More than 20 years ago, a startup called Webvan raised more than $800 Million with the promise to revolutionize grocery delivery at the height of the Dot-Com Bubble. We all know how that story ended (spoiler: it went bust). Now, here we are in 2021 and eGrocery is in the spotlight. Is the business model ready for primetime?
Over the last several years, we have seen many players entering the eGrocery market. The vast majority of those aspiring to lead the charge are either incumbent grocers adapting their model or disruptive eCommerce players using their technological infrastructure to lower costs and modernized apps to acquire new customers.
Pureplay ‘eGrocers,’ or those who are 100% online with no physical outlets, are having their moment in the sun thanks to the acceleration of the eGrocery shift brought on by the pandemic. Similar to the ‘Challenger Banks’ in the Fintech world, these eGrocers are trying to disrupt the core model of grocery itself by removing the storefront. That’s about as far as the similarities go, however, as delivering mangoes versus moving money are two vastly different business models.
So while traction and growth are one thing, as we have seen with the Food Delivery Apps (who continue to lose $Billions years after year), profitability is another.
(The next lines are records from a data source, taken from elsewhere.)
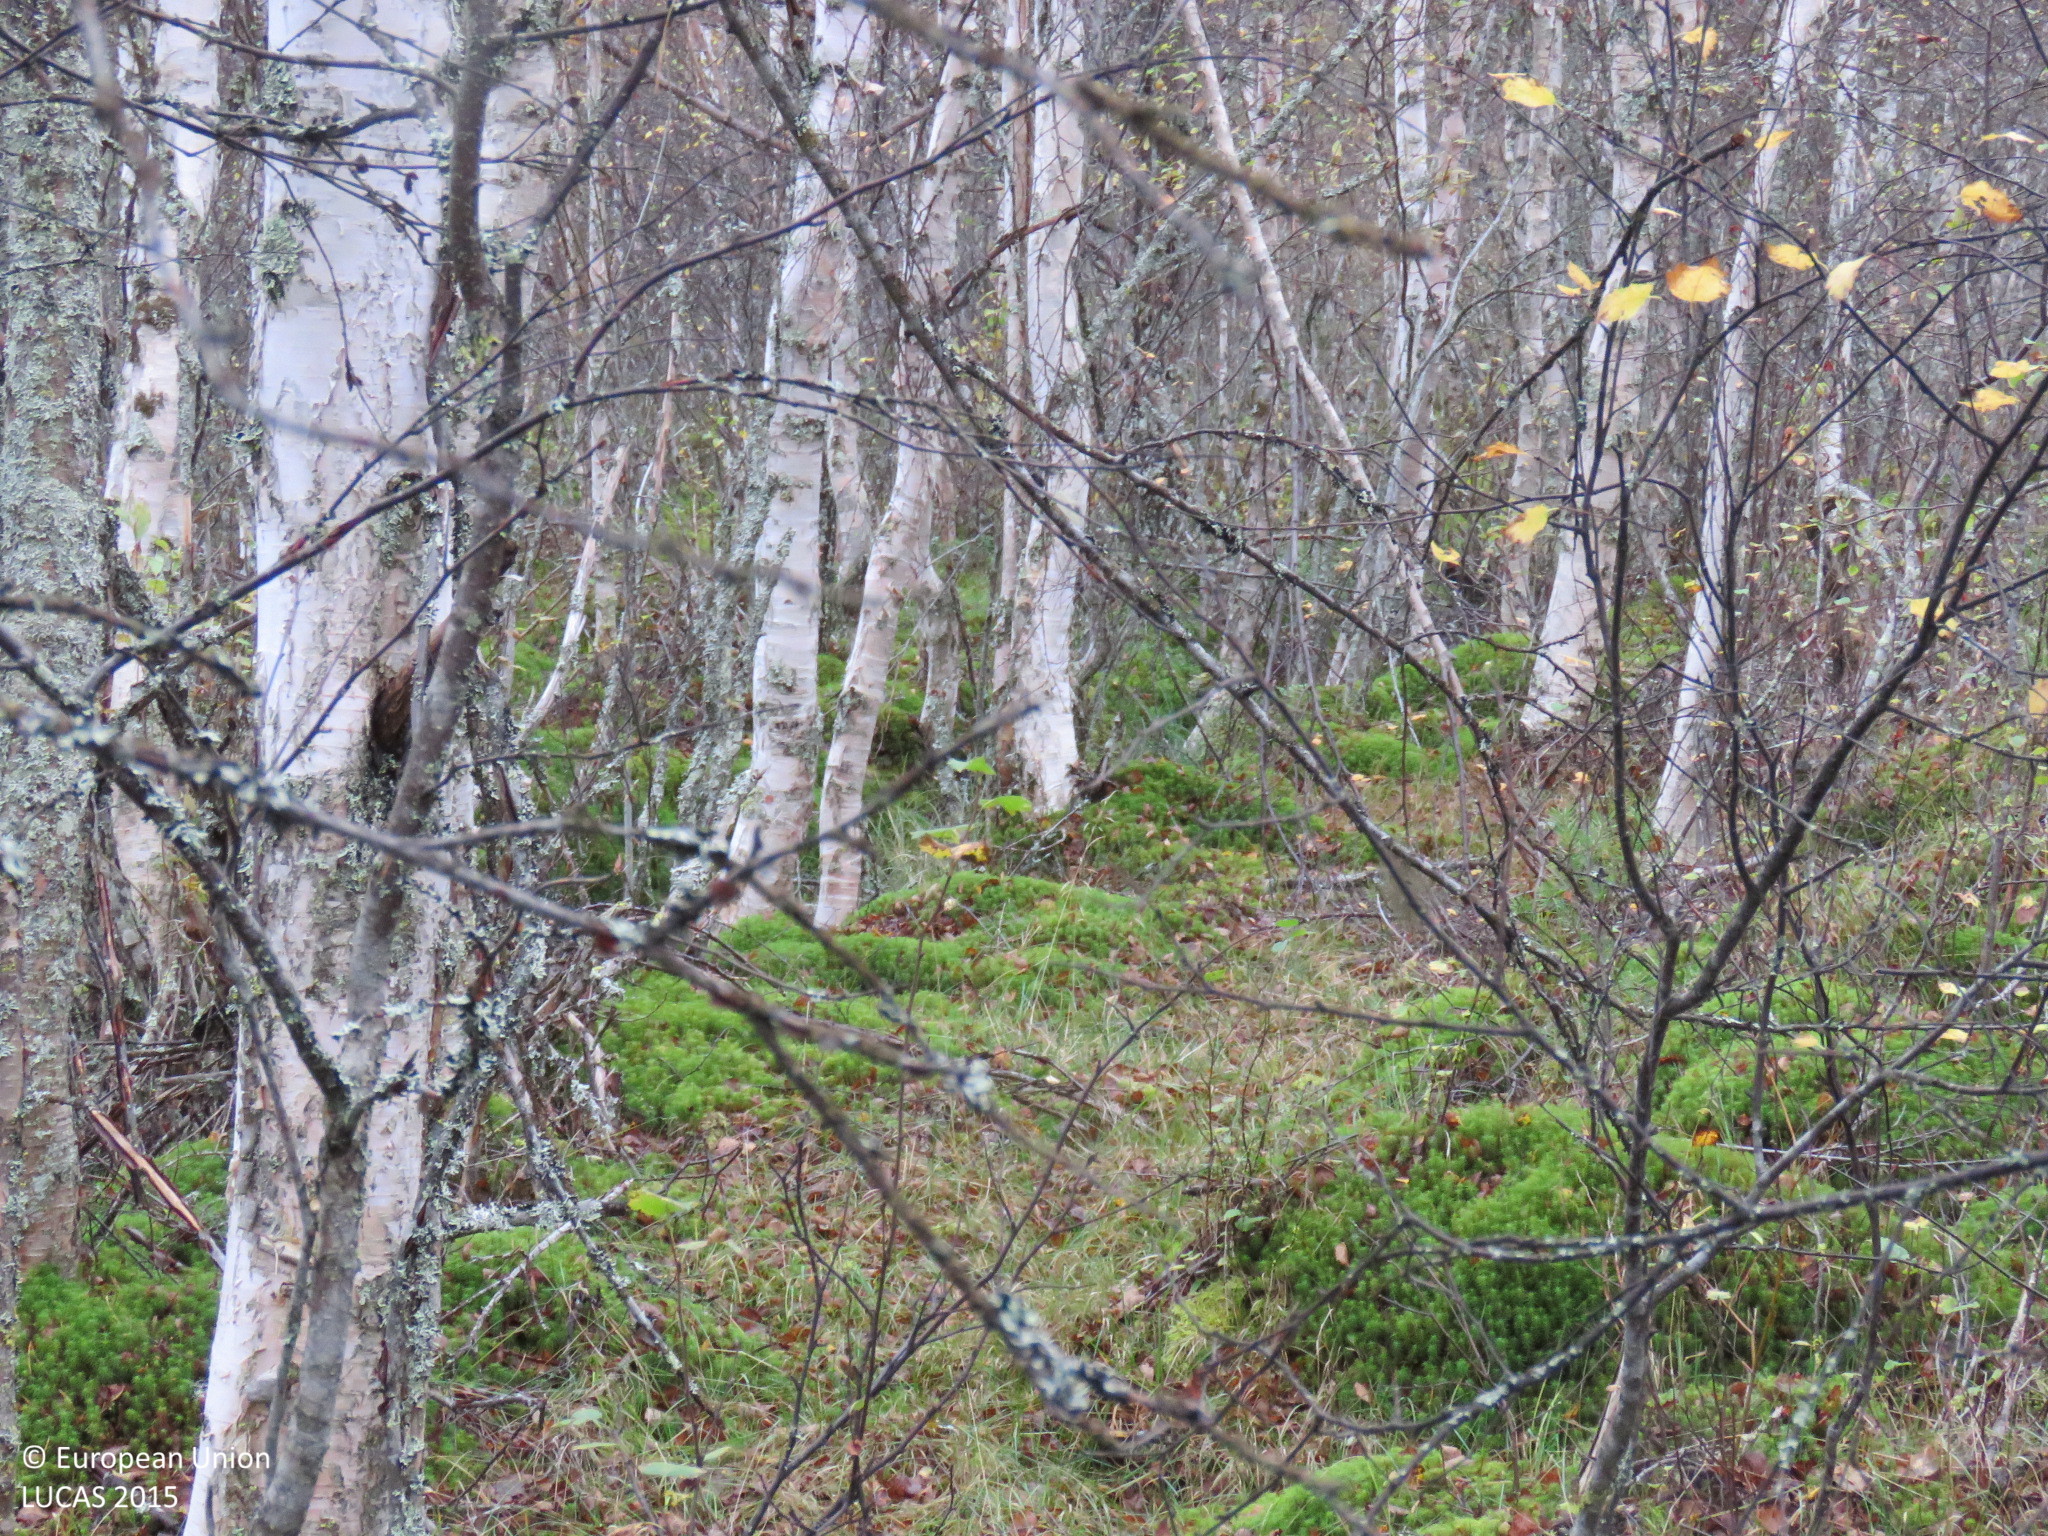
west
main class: Woodland
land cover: Broadleaved woodland
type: mire and swamp forests
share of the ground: > 75 %
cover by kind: broadleaved forest trees 70 %, coniferous forest trees 10 %, herbaceous plants 10 %, lichens and mosses 10 %
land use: Forestry
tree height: > 5 m
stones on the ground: < 10 %
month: September
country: FI
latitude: 65.1924
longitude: 26.8837

That’s why we are going to dig into the business model of eGrocers and better understand the mechanics behind the business model innovation.
How does the eGrocery Business Model work?
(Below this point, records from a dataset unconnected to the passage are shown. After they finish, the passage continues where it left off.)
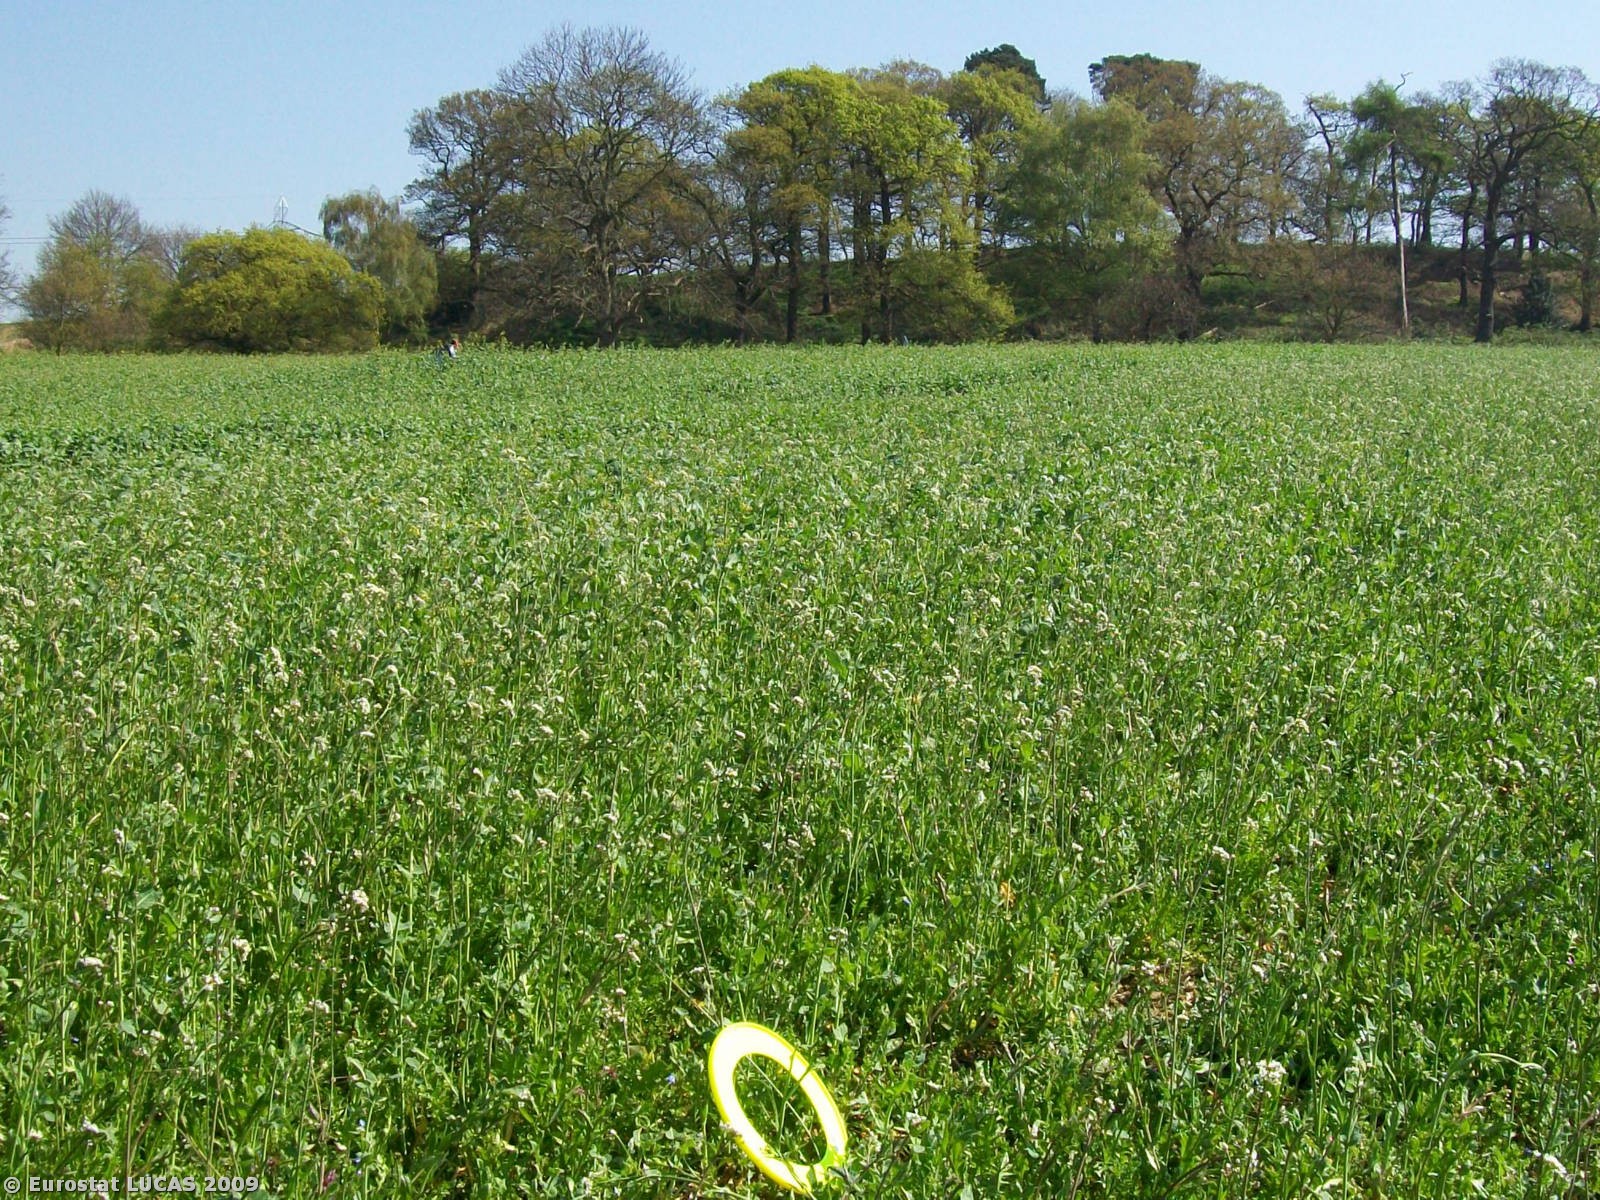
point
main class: Cropland
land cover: Rape and turnip rape
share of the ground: > 75 %
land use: Agriculture (excluding fallow land and kitchen gardens)
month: April
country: GB
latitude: 52.8371
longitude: -1.4658

At its core, grocery is a low-margin/high-volume business.
Grocery retailing is fundamentally a low margin business. Depending on the format or how developed the market is, EBITDA margins generally range from 4 to 8% and EBIT runs between 2 and 5% of net sales.Foley Retail Consulting
Pureplay eGrocers don’t necessarily fare much better on a margin basis (depending on which company you analyze and where) generally, as the lease/storefront costs get redistributed into other areas of the business (technology, distribution costs). The main point is that ‘going digital’ with the business model doesn’t suddenly make grocery a higher-margin business.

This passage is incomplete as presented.